At any rate, the inconsistency between the setup and the lesson text needs fixing.

Does the above sound ok?

from matlab-novice-inflammation.

shwina avatar shwina commented on June 19, 2024

@gcapes

Thanks for this issue and for the PR, I think it's very important to get this part right. Personally, I'm not a fan of adding the main script to path in this way. I'd much rather:

  • Have learners work from a project directory, in this case matlab-novice-inflammation
  • Keep their main scripts (e.g., analyze.m) in this directory
  • Have a data and results directory, and refer to files in them in a relative way, e.g., data/inflammation-01.csv and results/inflammation-01.png

So:

matlab-novice-inflammation/
├── analyze.m
├── data/
└── results/

Rather than:

matlab-novice-inflammation/
├── data/
├── results/
└── src/
    └── analyze.m

I think that having an src directory and adding it to the path here is awkward:

  1. If the main script refers to the data and results folder in a relative way, it can only ever run correctly from the matlab-novice-inflammation directory. So why not it just live there? A good reason to add something to the path is so that it can be used from anywhere, but that's not the case here.

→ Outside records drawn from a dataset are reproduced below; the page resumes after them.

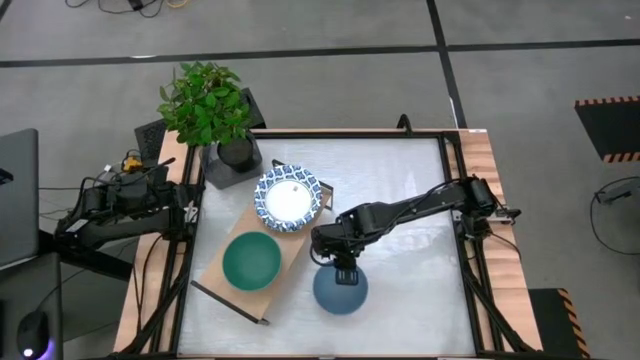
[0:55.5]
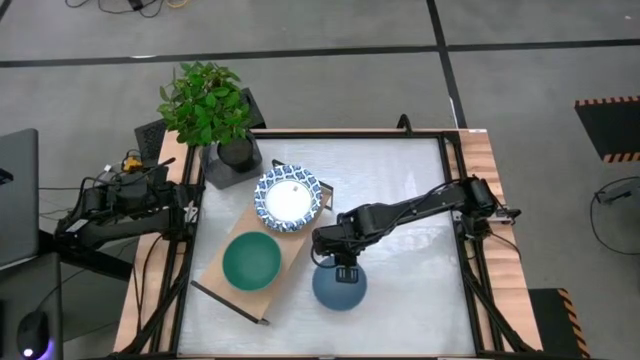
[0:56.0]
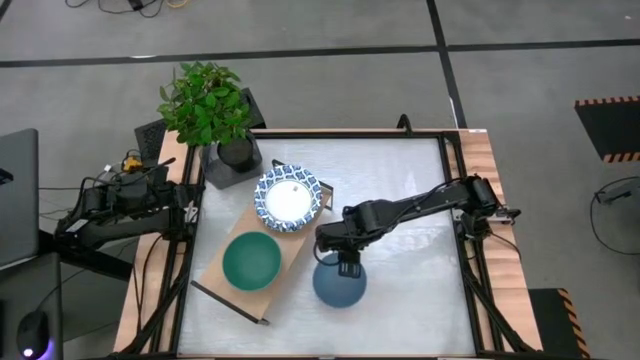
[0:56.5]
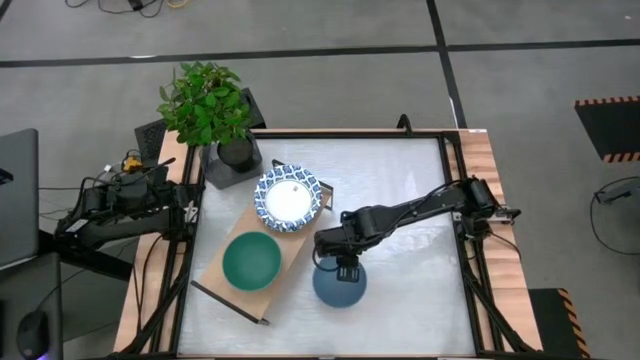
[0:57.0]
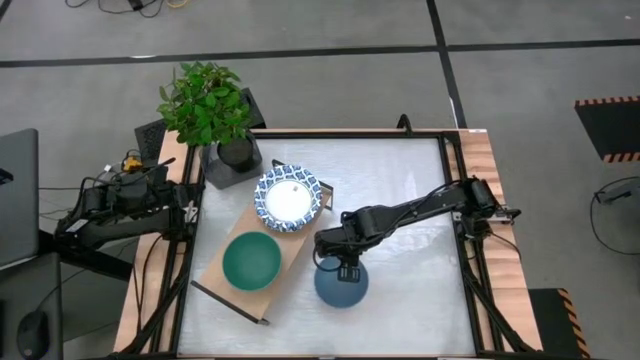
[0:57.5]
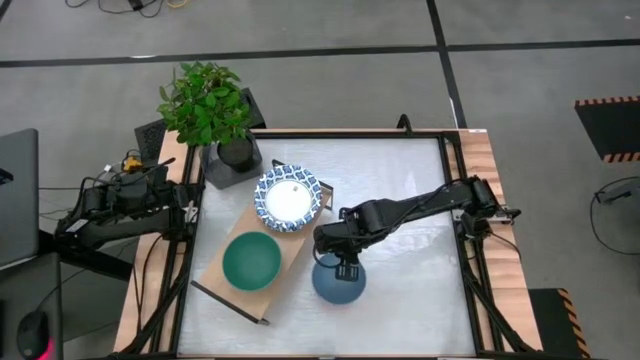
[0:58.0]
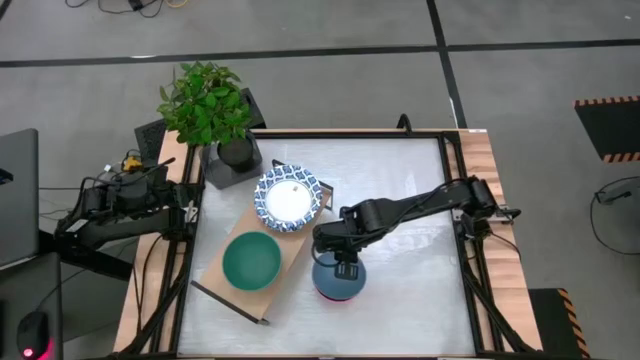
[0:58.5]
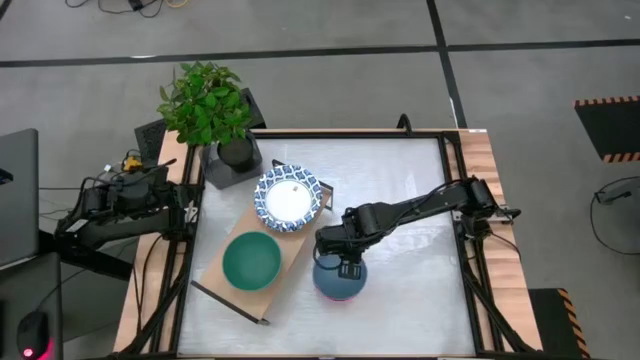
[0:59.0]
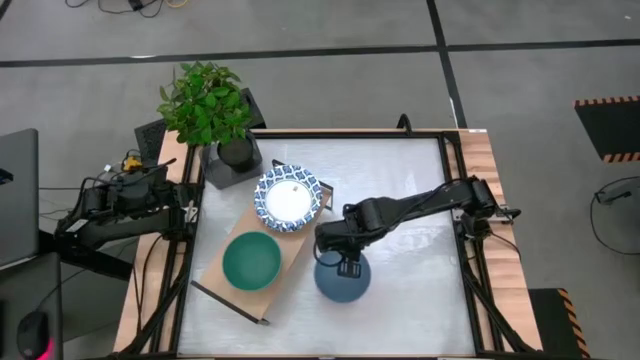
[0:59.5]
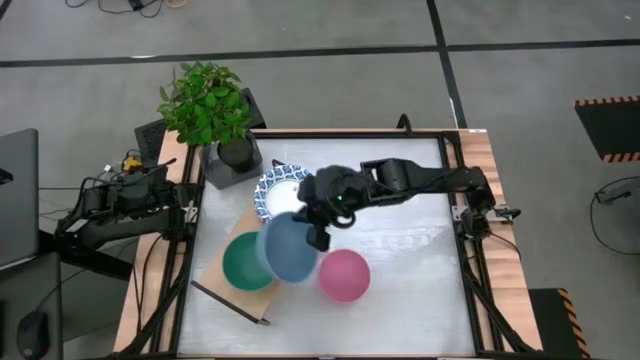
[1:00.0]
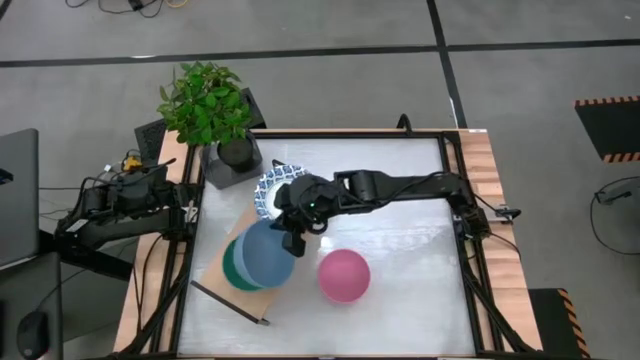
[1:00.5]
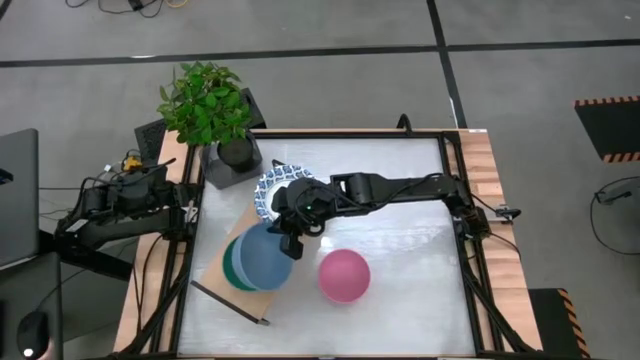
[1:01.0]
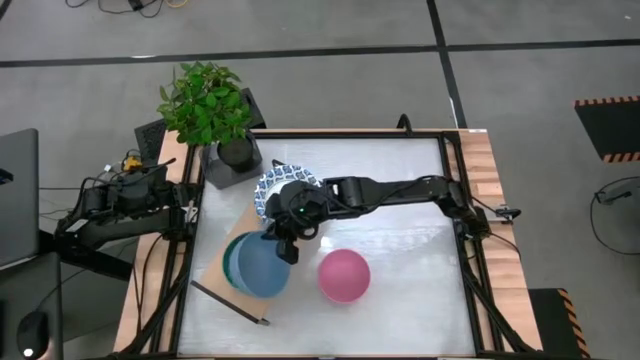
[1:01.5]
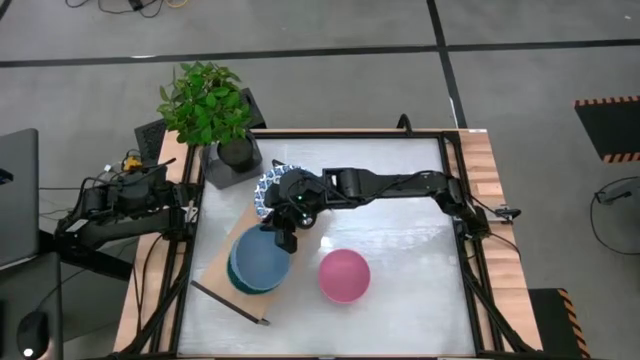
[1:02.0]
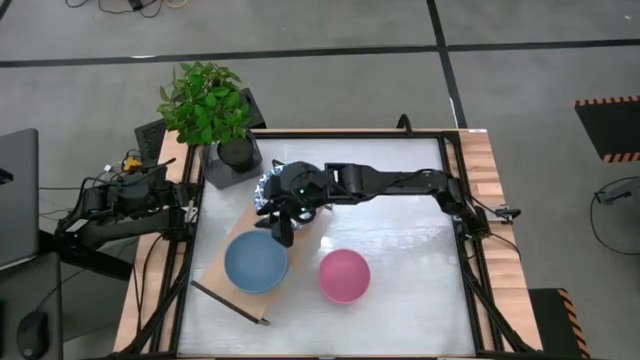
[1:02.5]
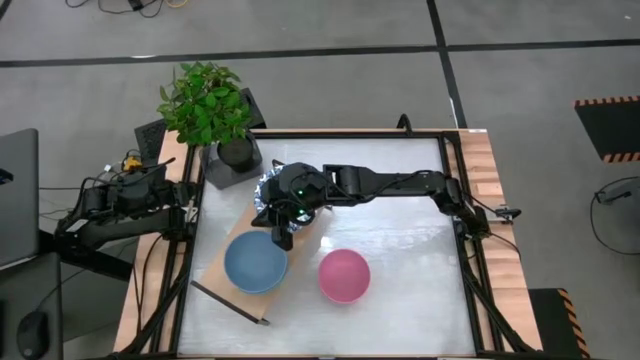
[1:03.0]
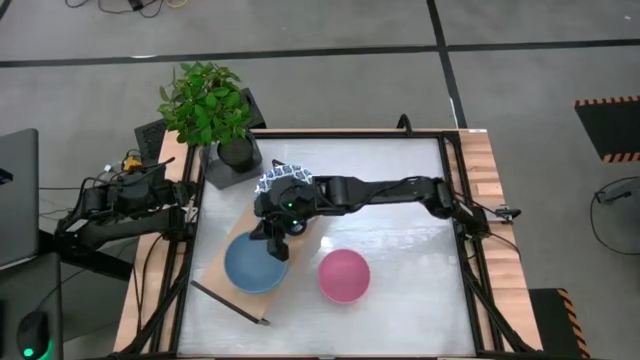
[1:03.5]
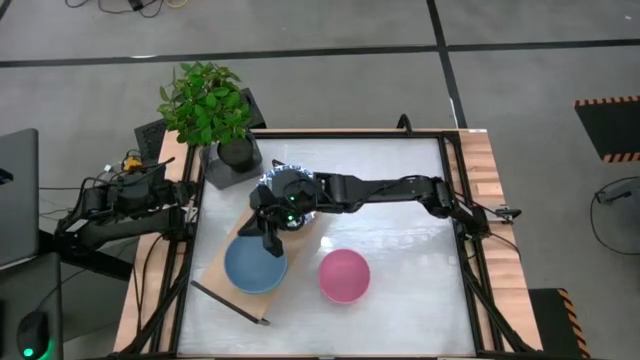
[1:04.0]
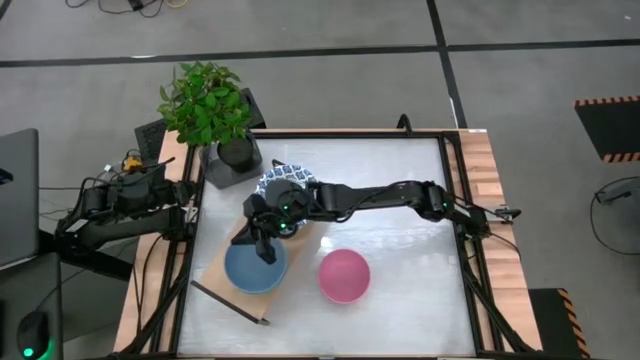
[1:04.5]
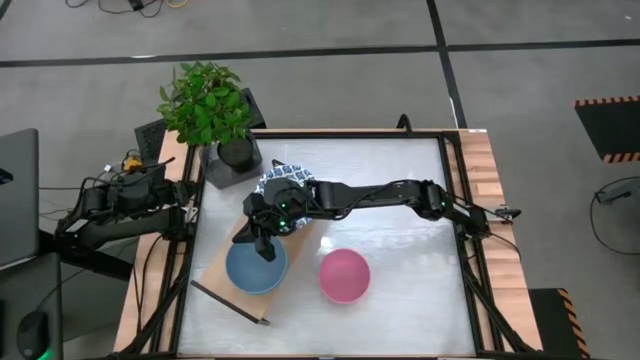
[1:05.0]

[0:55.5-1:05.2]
Task: Place and stack bowls onto a shelf
Stack the blue bowl on the green bowl on the shelf

  2. I don't have access to MATLAB right now, but let's say we are editing the script analyze.m (which would live in the src directory), and we clicked the "Run" (green arrow) button from the editor. Wouldn't this run the script in the srcdirectory?

That being said, I do realize that the path is essential. For example, adding to path is appropriate when the project is composed of several .m files that can be organized into directories. For example:

project/
├── main.m
├── mathFunctions/
│   ├── max.m
│   └── min.m
├── miscFunctions/
│   └── config.m
└── plottingFunctions/
    └── plot.m

In this case, one could add the mathFunction, miscFunctions and plottingFunctions to the path in the script main.m, so that functions like max and plot can be called from the script.

TL; DR: Adding to path is fine, but adding the main script to path is probably not a good idea, as it generally refers to input and output data in a relative way.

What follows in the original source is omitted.